Exercise data:
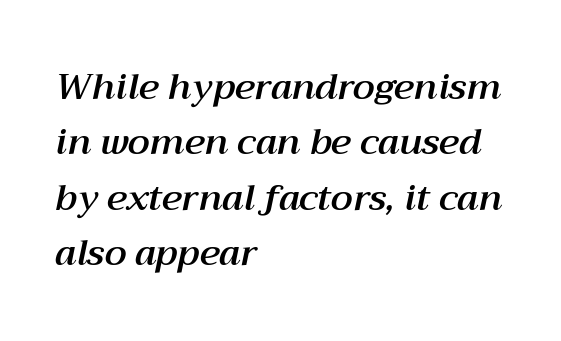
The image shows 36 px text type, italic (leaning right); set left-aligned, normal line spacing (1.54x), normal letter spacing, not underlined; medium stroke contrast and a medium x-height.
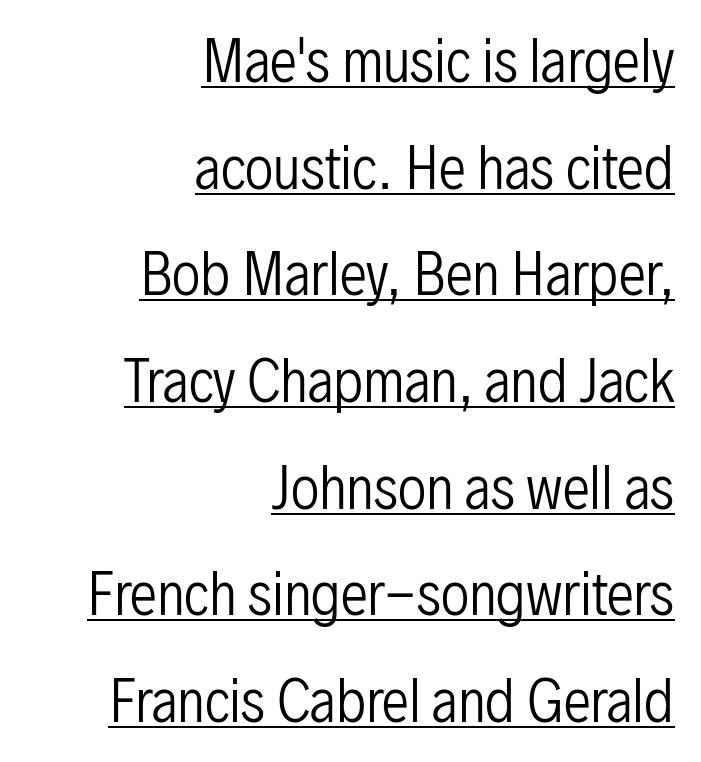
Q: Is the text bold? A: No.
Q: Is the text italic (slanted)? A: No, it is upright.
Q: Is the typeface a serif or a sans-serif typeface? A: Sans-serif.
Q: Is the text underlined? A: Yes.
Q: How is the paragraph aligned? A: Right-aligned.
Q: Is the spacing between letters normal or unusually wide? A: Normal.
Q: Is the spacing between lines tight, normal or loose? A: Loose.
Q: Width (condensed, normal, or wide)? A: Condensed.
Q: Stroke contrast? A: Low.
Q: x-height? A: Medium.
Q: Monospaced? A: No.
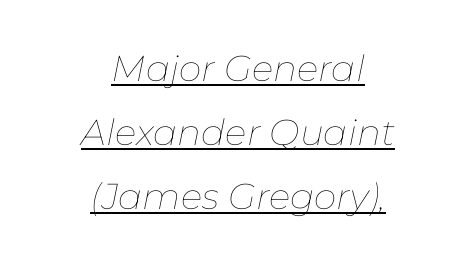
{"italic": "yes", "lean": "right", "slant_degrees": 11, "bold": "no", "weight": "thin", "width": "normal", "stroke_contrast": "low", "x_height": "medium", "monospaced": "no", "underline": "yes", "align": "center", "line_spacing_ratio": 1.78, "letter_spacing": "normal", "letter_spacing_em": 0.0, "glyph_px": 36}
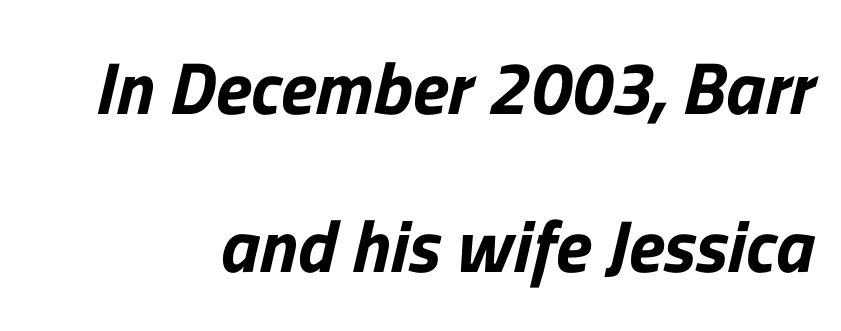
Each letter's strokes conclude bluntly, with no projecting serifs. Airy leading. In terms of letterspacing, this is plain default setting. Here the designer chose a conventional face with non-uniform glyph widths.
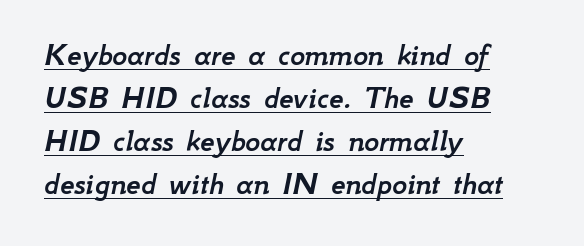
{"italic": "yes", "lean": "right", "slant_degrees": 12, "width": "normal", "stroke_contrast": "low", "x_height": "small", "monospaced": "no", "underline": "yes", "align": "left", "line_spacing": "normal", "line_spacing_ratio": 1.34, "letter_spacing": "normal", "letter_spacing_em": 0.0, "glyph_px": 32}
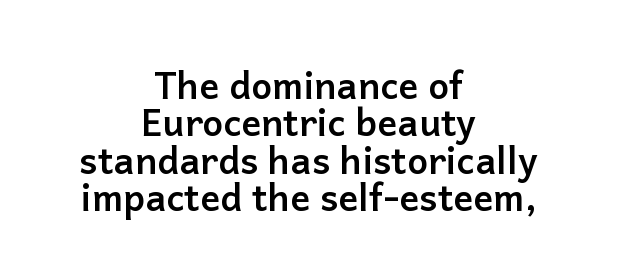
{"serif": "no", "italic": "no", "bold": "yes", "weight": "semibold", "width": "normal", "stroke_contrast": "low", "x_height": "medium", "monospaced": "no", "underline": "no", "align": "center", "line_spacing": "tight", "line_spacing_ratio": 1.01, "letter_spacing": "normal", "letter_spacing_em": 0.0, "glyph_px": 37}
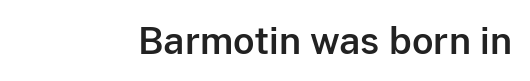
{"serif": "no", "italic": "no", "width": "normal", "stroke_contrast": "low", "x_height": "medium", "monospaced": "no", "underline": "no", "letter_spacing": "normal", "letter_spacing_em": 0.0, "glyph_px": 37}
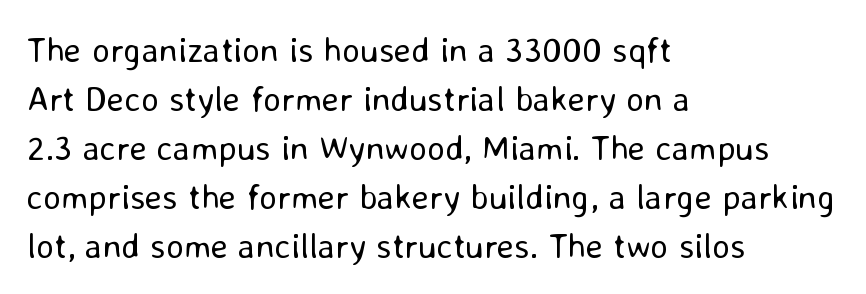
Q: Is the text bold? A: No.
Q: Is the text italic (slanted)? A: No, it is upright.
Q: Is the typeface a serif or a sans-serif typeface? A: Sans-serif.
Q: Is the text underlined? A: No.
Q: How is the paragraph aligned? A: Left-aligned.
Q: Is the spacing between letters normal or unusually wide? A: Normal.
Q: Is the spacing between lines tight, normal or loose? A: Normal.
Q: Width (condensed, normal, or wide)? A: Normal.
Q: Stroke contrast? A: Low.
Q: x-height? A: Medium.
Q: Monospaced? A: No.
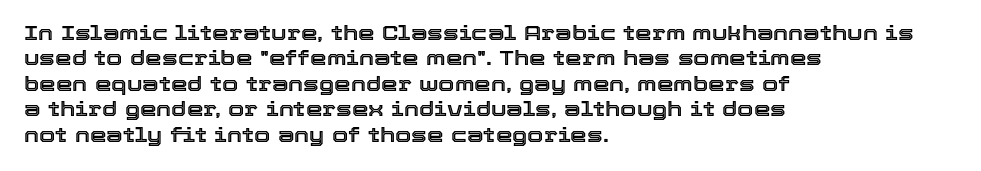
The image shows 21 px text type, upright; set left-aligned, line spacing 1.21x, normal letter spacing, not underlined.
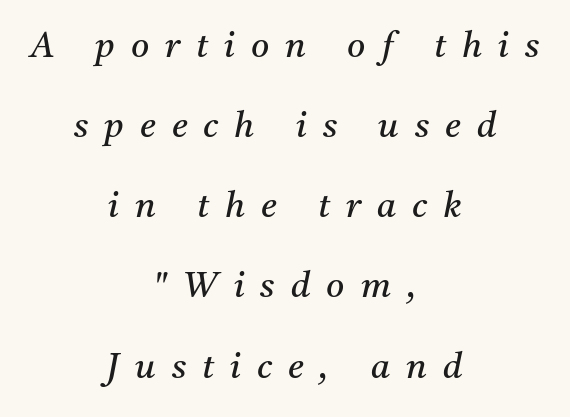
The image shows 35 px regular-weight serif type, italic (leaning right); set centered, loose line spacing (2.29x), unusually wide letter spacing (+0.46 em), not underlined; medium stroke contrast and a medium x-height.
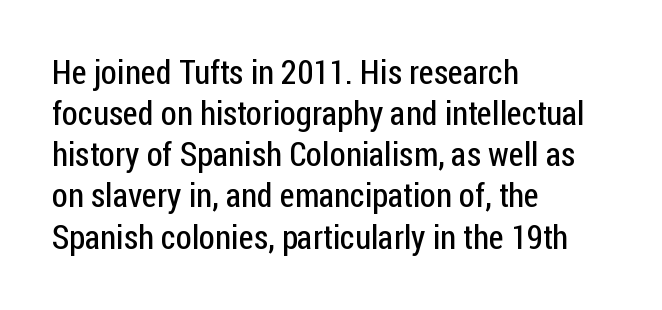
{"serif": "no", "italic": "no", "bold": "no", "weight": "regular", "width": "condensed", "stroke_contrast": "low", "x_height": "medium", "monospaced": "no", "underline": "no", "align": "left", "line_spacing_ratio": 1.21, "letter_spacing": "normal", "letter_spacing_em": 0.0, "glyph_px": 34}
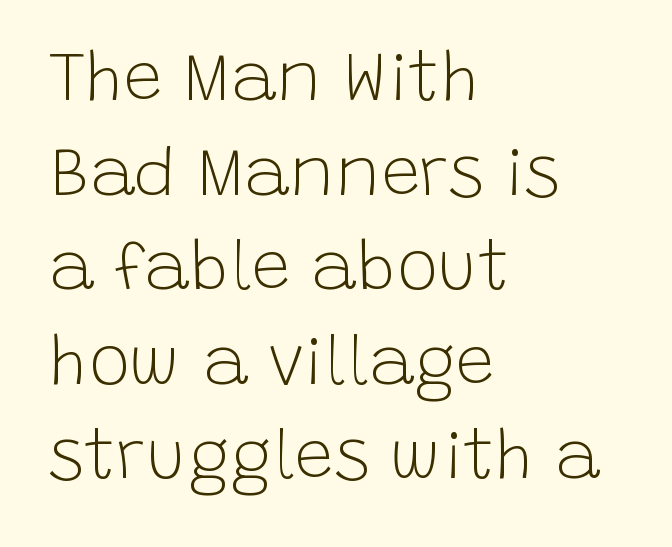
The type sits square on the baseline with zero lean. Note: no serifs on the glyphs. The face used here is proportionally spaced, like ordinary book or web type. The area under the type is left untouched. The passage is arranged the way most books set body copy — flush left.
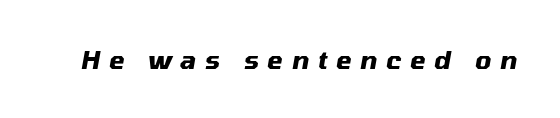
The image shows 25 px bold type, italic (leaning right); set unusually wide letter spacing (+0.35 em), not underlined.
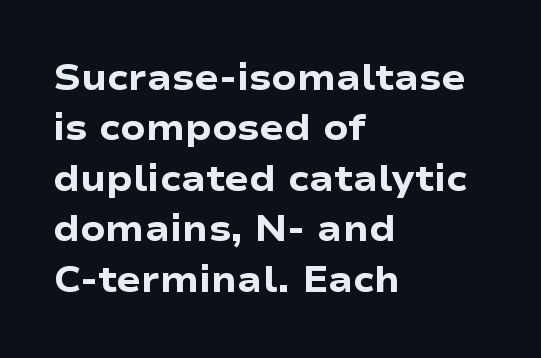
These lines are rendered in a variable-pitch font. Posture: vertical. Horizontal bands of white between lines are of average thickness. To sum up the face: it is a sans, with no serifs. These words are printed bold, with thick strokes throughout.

What is required: The entries are to be copied exactly, and each image is to be omitted.

Solution for this task:
The image shows 36 px text type, italic (leaning right); set left-aligned, normal line spacing (1.54x), normal letter spacing, not underlined; medium stroke contrast and a medium x-height.
Q: Is the text bold? A: No.
Q: Is the text italic (slanted)? A: No, it is upright.
Q: Is the typeface a serif or a sans-serif typeface? A: Sans-serif.
Q: Is the text underlined? A: Yes.
Q: How is the paragraph aligned? A: Right-aligned.
Q: Is the spacing between letters normal or unusually wide? A: Normal.
Q: Is the spacing between lines tight, normal or loose? A: Loose.
Q: Width (condensed, normal, or wide)? A: Condensed.
Q: Stroke contrast? A: Low.
Q: x-height? A: Medium.
Q: Monospaced? A: No.
{"italic": "yes", "lean": "right", "slant_degrees": 11, "bold": "no", "weight": "thin", "width": "normal", "stroke_contrast": "low", "x_height": "medium", "monospaced": "no", "underline": "yes", "align": "center", "line_spacing_ratio": 1.78, "letter_spacing": "normal", "letter_spacing_em": 0.0, "glyph_px": 36}
Each letter's strokes conclude bluntly, with no projecting serifs. Airy leading. In terms of letterspacing, this is plain default setting. Here the designer chose a conventional face with non-uniform glyph widths.
{"italic": "yes", "lean": "right", "slant_degrees": 12, "width": "normal", "stroke_contrast": "low", "x_height": "small", "monospaced": "no", "underline": "yes", "align": "left", "line_spacing": "normal", "line_spacing_ratio": 1.34, "letter_spacing": "normal", "letter_spacing_em": 0.0, "glyph_px": 32}
{"serif": "no", "italic": "no", "bold": "yes", "weight": "semibold", "width": "normal", "stroke_contrast": "low", "x_height": "medium", "monospaced": "no", "underline": "no", "align": "center", "line_spacing": "tight", "line_spacing_ratio": 1.01, "letter_spacing": "normal", "letter_spacing_em": 0.0, "glyph_px": 37}
{"serif": "no", "italic": "no", "width": "normal", "stroke_contrast": "low", "x_height": "medium", "monospaced": "no", "underline": "no", "letter_spacing": "normal", "letter_spacing_em": 0.0, "glyph_px": 37}
Q: Is the text bold? A: No.
Q: Is the text italic (slanted)? A: No, it is upright.
Q: Is the typeface a serif or a sans-serif typeface? A: Sans-serif.
Q: Is the text underlined? A: No.
Q: How is the paragraph aligned? A: Left-aligned.
Q: Is the spacing between letters normal or unusually wide? A: Normal.
Q: Is the spacing between lines tight, normal or loose? A: Normal.
Q: Width (condensed, normal, or wide)? A: Normal.
Q: Stroke contrast? A: Low.
Q: x-height? A: Medium.
Q: Monospaced? A: No.
The image shows 21 px text type, upright; set left-aligned, line spacing 1.21x, normal letter spacing, not underlined.
The image shows 35 px regular-weight serif type, italic (leaning right); set centered, loose line spacing (2.29x), unusually wide letter spacing (+0.46 em), not underlined; medium stroke contrast and a medium x-height.
{"serif": "no", "italic": "no", "bold": "no", "weight": "regular", "width": "condensed", "stroke_contrast": "low", "x_height": "medium", "monospaced": "no", "underline": "no", "align": "left", "line_spacing_ratio": 1.21, "letter_spacing": "normal", "letter_spacing_em": 0.0, "glyph_px": 34}
The type sits square on the baseline with zero lean. Note: no serifs on the glyphs. The face used here is proportionally spaced, like ordinary book or web type. The area under the type is left untouched. The passage is arranged the way most books set body copy — flush left.
The image shows 25 px bold type, italic (leaning right); set unusually wide letter spacing (+0.35 em), not underlined.
These lines are rendered in a variable-pitch font. Posture: vertical. Horizontal bands of white between lines are of average thickness. To sum up the face: it is a sans, with no serifs. These words are printed bold, with thick strokes throughout.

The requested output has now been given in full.